Muy queridos hermanos y hermanas en el Señor
Jesús. Agradezco la presencia de todos ustedes y aprecio mucho su voluntad de
unirse a la acción de gracias que como comunidad queremos elevar por los veinticinco
años de ministerio sacerdotal que Dios me ha concedido; agradezco la presencia
de los señores Obispos, en primer lugar del nuestro, que preside esta
celebración, nuestro querido pastor, Mons. Ruy Rendón Leal; agradezco también
la presencia del que sigue siendo nuestro, aunque esté en Querétaro, Mons.
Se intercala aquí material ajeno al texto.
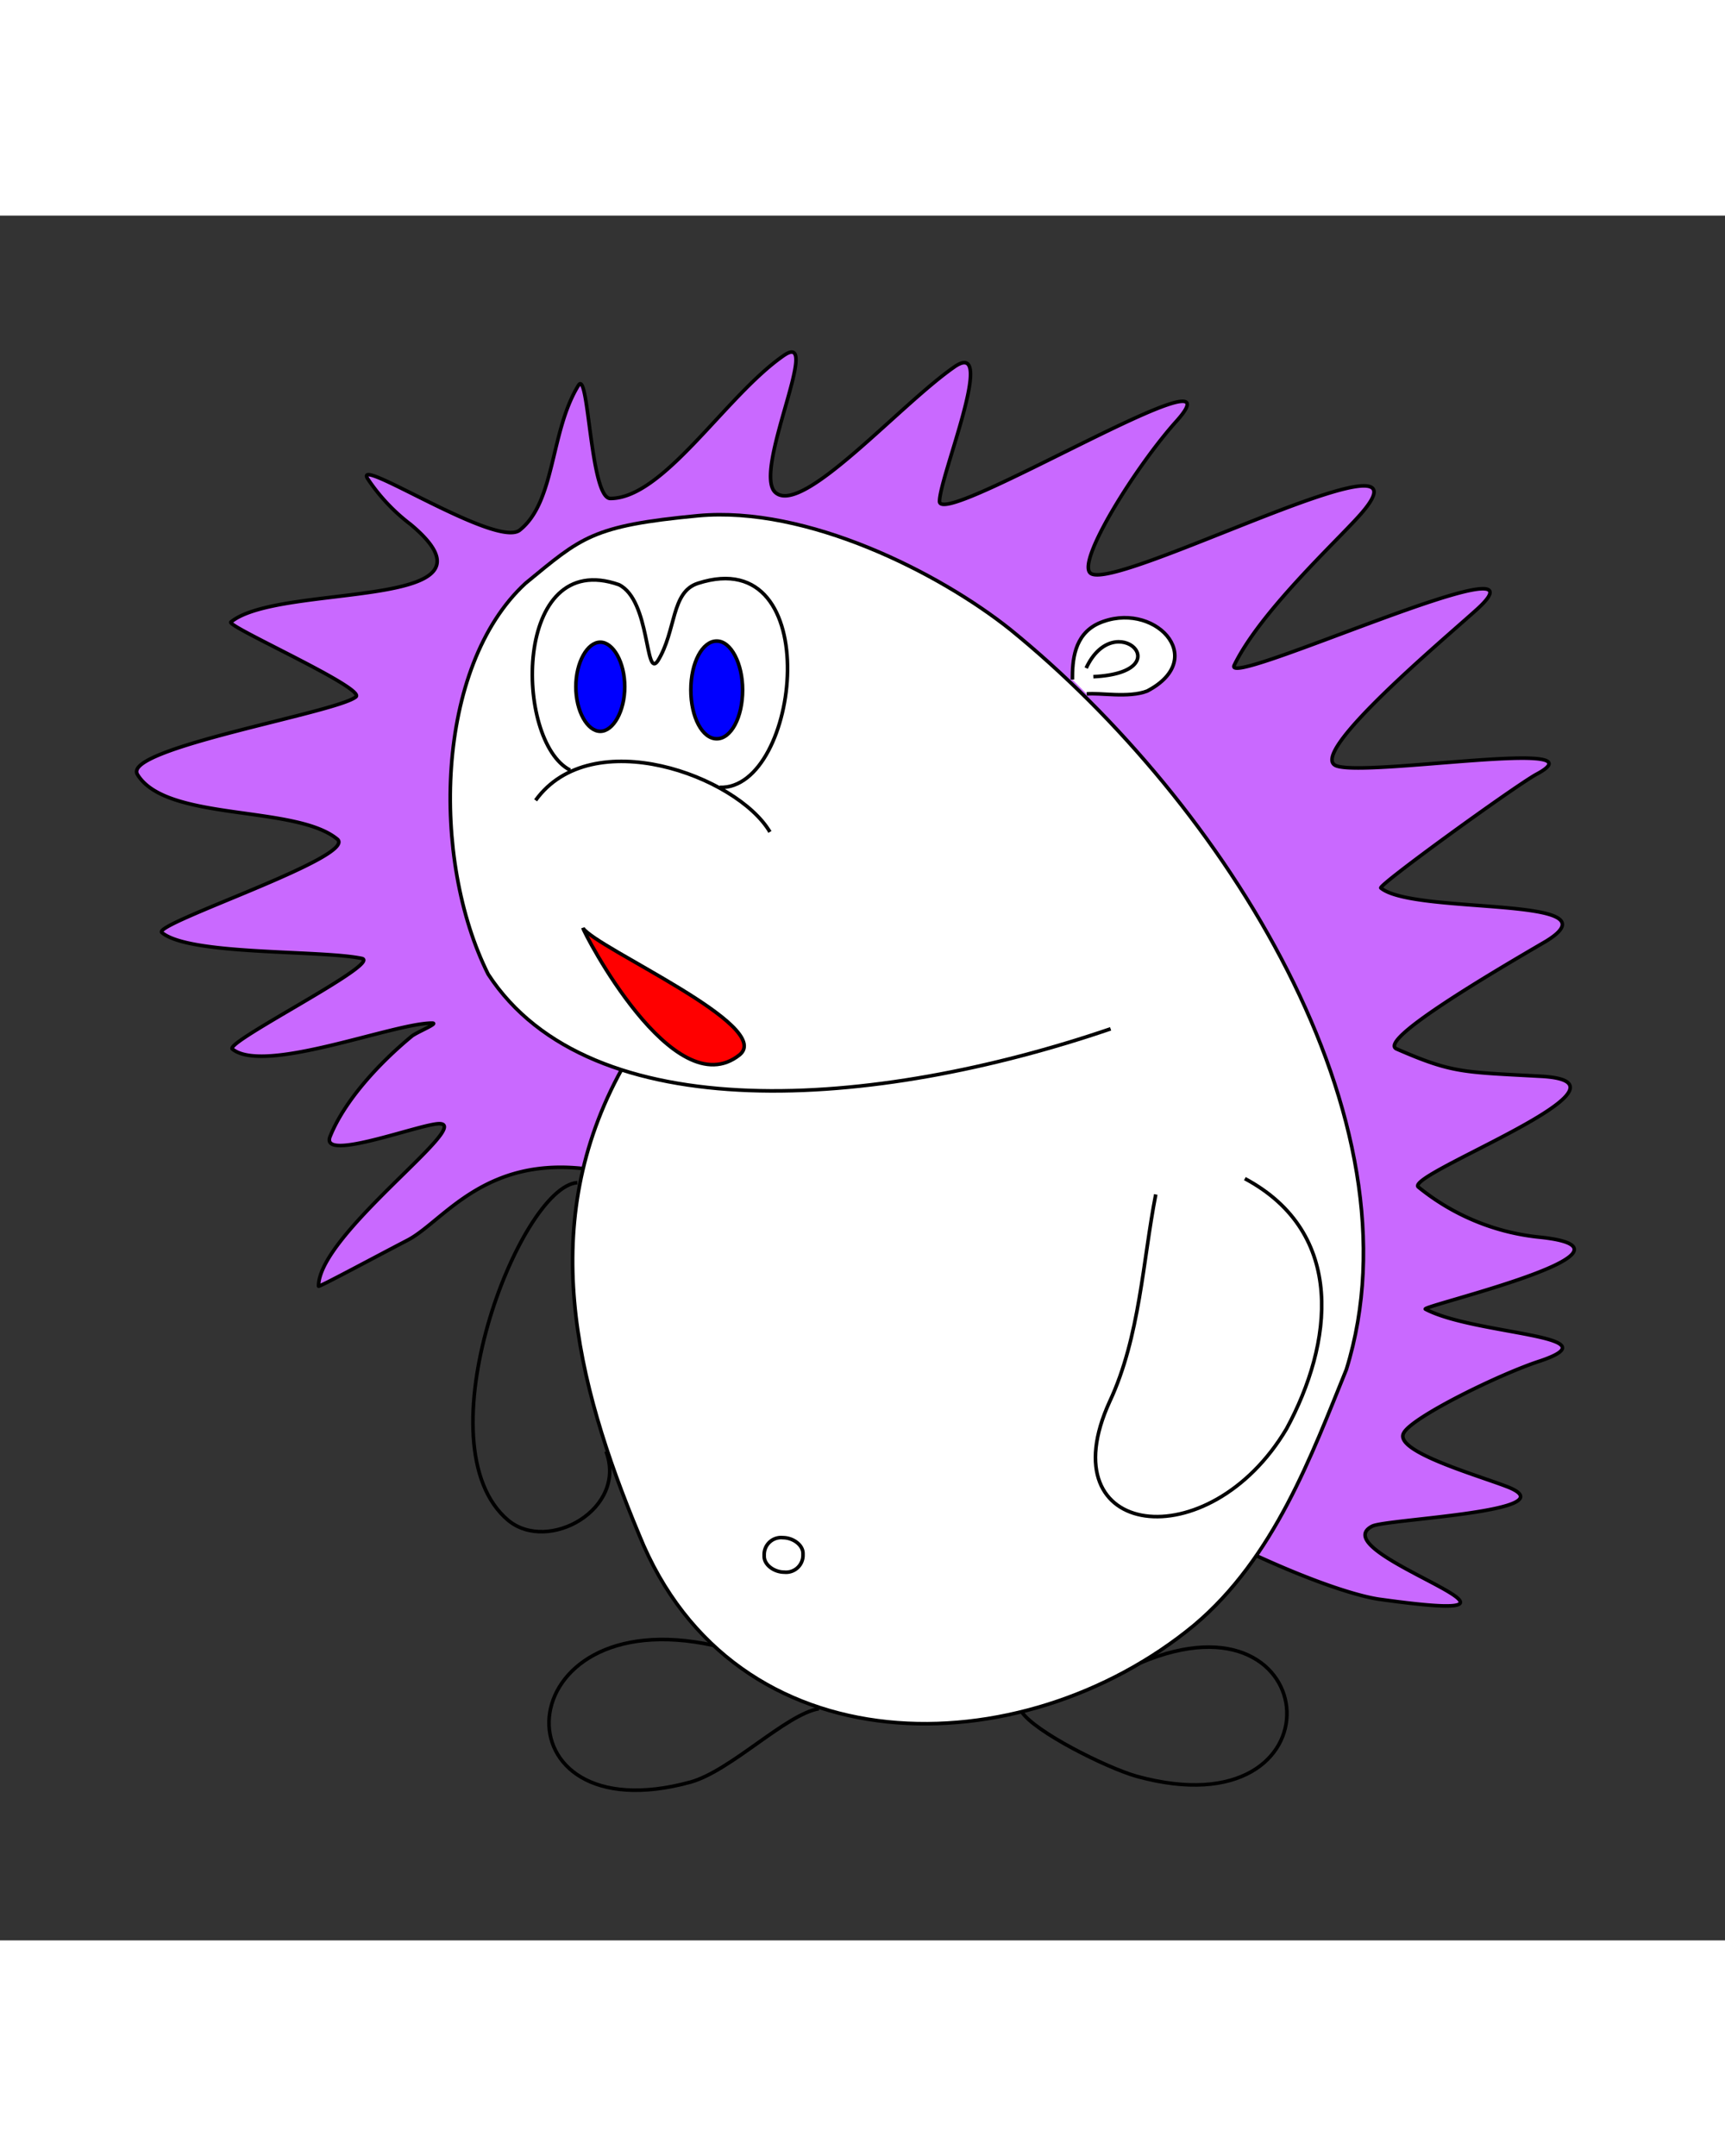 <svg id="th_oa1_hedgehog-2" width="100%" height="100%" xmlns="http://www.w3.org/2000/svg" version="1.1" xmlns:xlink="http://www.w3.org/1999/xlink" xmlns:svgjs="http://svgjs.com/svgjs" preserveAspectRatio="xMidYMid meet" viewBox="0 0 120 120" style="height:150px" data-keyword="hedgehog-2" data-coll="oa1"><rect x="0" y="0" width="120" height="120" fill="#333333" stroke="none"/><defs id="layer_0"></defs><path id="layer_1" d="M28.36 71.28c-2.5 1.3-6.2 3.3-6.2 3.2 0-3.6 10.8-11.3 8.4-11.3-1.3 0-8.3 2.7-7.6.9 1-2.5 3.4-5.1 5.7-7 .4-.3 1.9-.9 1.4-.9-2.7 0-11.7 3.6-13.9 1.8-.5-.5 10.5-6 9-6.3-2.9-.6-12-.2-13.9-1.8-.7-.6 13.7-5.3 12.2-6.5-2.9-2.4-11.9-1.2-13.9-4.5-1.1-1.8 13.9-4.3 15.2-5.4.7-.6-9-4.9-8.7-5.2 3.4-2.8 19.8-.7 12.5-6.8a13.11 13.11 0 0 1-3-3.2c-.9-1.6 9 4.9 10.6 3.6 2.5-2 2.1-6.9 4.1-10.1.7-1 .8 7.9 2.2 7.9 3.7 0 8-7.1 12-9.9 2.9-2.1-2.2 8.1-.5 9.5 1.9 1.6 8.7-6.2 12.5-8.8 2.9-1.9-1.1 7.7-1.1 9.4 0 2 21.4-11.1 16.5-5.6-2.8 3.1-7 9.8-6 10.6 1.7 1.4 24.8-10.8 18.7-4-1.7 1.9-6.9 6.7-8.7 10.4-.9 1.8 22.6-9.1 16.9-3.9-2.2 2-11.9 10.1-9.8 10.9s18.8-2 13.9.6c-1.6.9-11 7.7-10.8 7.9 2.3 1.9 16.7.5 11.5 3.7-3.6 2.1-11.8 6.9-10.4 7.5 3.9 1.7 4.6 1.6 10 1.9 7.9.4-9.4 6.8-8.5 7.7a15.86 15.86 0 0 0 8.5 3.5c8.4.9-8.4 4.8-8 5 3.4 1.8 13.3 1.8 8 3.6-2.8.9-8.9 3.9-9.5 5-.8 1.3 5.3 3 7.3 3.8 4.1 1.7-8.5 2.2-9.5 2.7-3.7 1.9 15 7.1.6 5.1-2.4-.3-12-3.2-32-16.6-26.2-22.4-31.5-10.6-35.7-8.4z" data-color-original="#c969ff" fill="#c969ff" class="c969ff" stroke-miterlimit="3" stroke-width=".25" stroke="#000000"></path><path id="layer_2" d="M77.26 56.58c-16.4 5.6-36.2 7.1-43.3-3.8-4-8-3.7-21.4 2.6-27.2 3.9-3.2 4.6-4 12-4.7 7.6-.7 16.8 4 21.7 7.9 14.9 12.1 28.8 34.1 23.4 51.5-2.4 5.9-5 13.1-10.6 17.8-12 9.9-32 10.1-38.6-6.3-4.5-10.8-7.1-21.7-1.2-32.4" data-color-original="#ffffff" fill="#ffffff" class="ffffff" stroke-miterlimit="3" stroke-width=".25" stroke="#000000"></path><path id="layer_3" d="M40.56 49.58c0 .2 6.3 12.5 10.9 8.8 2.4-2-9.9-7.38-10.9-8.8z" data-color-original="red" fill="#ff0000" class="ff0000" stroke-miterlimit="3" stroke-width=".25" stroke="#000000"></path><path id="layer_4" d="M37.26 40.68c3.9-5.4 14-1.7 16.3 2.2m-3.5-3.1c5.6.2 7.5-17.1-1.5-14.2-1.9.6-1.5 3.3-2.8 5.4-.9 1.3-.5-4.2-2.7-5.3-7.4-2.6-7.3 10.9-3.4 12.9m10 60.9c-14.6-3.2-15.4 13.3-1.6 9.5 2.8-.8 6.6-4.7 8.9-5.1m22.4-3.2c13-5.5 14.2 11.9-.3 7.9-2.1-.6-7.1-3.1-8-4.5m-30.9-36.8c-4 .3-11 18.3-4.8 23.5 2.8 2.3 8.3-.8 6.8-4.8M86.6 67c7.1 3.8 6.1 11.5 2.9 17.4-5.4 9.1-16.7 7.7-12.3-1.9 2.1-4.5 2.3-9.8 3.2-14.4" data-color-original="none" fill="none" class="none" stroke-miterlimit="3" stroke-width=".25" stroke="#000000"></path><path id="layer_5" d="M43.46 32.78c0 1.7-.8 3.1-1.7 3.1s-1.7-1.4-1.7-3.1.8-3.1 1.7-3.1 1.7 1.4 1.7 3.1zm8.2.22c0 1.9-.8 3.4-1.8 3.4s-1.8-1.5-1.8-3.4.8-3.4 1.8-3.4 1.8 1.58 1.8 3.4z" data-color-original="#0000ff" fill="#0000ff" class="0000ff" stroke-miterlimit="3" stroke-width=".25" stroke="#000000"></path><path id="layer_6" d="M55.86 93.18a1.18 1.18 0 0 1-1.3 1.2c-.7 0-1.4-.5-1.4-1.1v-.1a1.18 1.18 0 0 1 1.3-1.2c.7 0 1.4.5 1.4 1.1z" data-color-original="none" fill="none" class="none" stroke-miterlimit="3" stroke-width=".25" stroke="#000000"></path><path id="layer_7" d="M74.6 32.28c0-1.3.1-3.1 1.8-3.9 3.8-1.7 7.8 2.4 3.4 4.7-1.3.5-3.3.1-4.2.2" data-color-original="#ffffff" fill="#ffffff" class="ffffff" stroke-miterlimit="3" stroke-width=".25" stroke="#000000"></path><path id="layer_8" d="M75.56 31.48c2-4.3 6.7.3.5.6" data-color-original="none" fill="none" class="none" stroke-miterlimit="3" stroke-width=".25" stroke="#000000"></path></svg>

Faustino Armendáriz Jiménez y de Mons. Alonso Calzada Guerrero, Obispo Auxiliar
de Oaxaca, excelente amigo, contemporáneo de formación; oramos con mucho afecto
por la salud de Mons. Francisco Javier Chavolla Ramos, quien me expresó su
deseo y su imposibilidad de estar entre nosotros, lo está espiritualmente; la
presencia de ustedes manifiesta que el ministerio sacerdotal es un don para
toda la Iglesia y que se sitúa en el orden de un sacramento compartido en
fraternidad, en jerarquía y en comunión.
Agradezco la presencia de mis hermanos y amigos
sacerdotes, son ustedes mi familia, gracias por estar. Gracias al Seminario de
Matamoros, su presencia es muy significativa para mí en este momento. También
está mi familia. Hola. Expreso mi gratitud por la presencia de miembros de la
vida consagrada; Gracias a todos ustedes hermanos y hermanas, miembros de las
pastorales, de los movimientos y de los grupos de mi comunidad, de mi amada
Parroquia de Nuestra Señora de San Juan de los Lagos, les agradezco con todo el
corazón por el enorme trabajo y entrega que implicó para ustedes la
organización de estas celebraciones, Dios se lo recompense; doy la bienvenida a
los fieles de otras parroquias, especialmente de la querida Parroquia de
Nuestra Señora de la Asunción de Matamoros, y de comunidades, grupos, amigos que
nos hemos acompañado y hecho camino juntos por estos veinticinco años de
peregrinación y aún antes. Gracias también a las autoridades de esta nuestra
querida ciudad de Río Bravo.
Quiero iniciar haciendo memoria de un hermano
que tendría que estar aquí, en este presbiterio, concelebrando, pero que nos
acompaña desde la Liturgia eterna, les suplico que nos unamos para rendir un
tributo nacido de la sinceridad de nuestros corazones a mi hermano el Pbro.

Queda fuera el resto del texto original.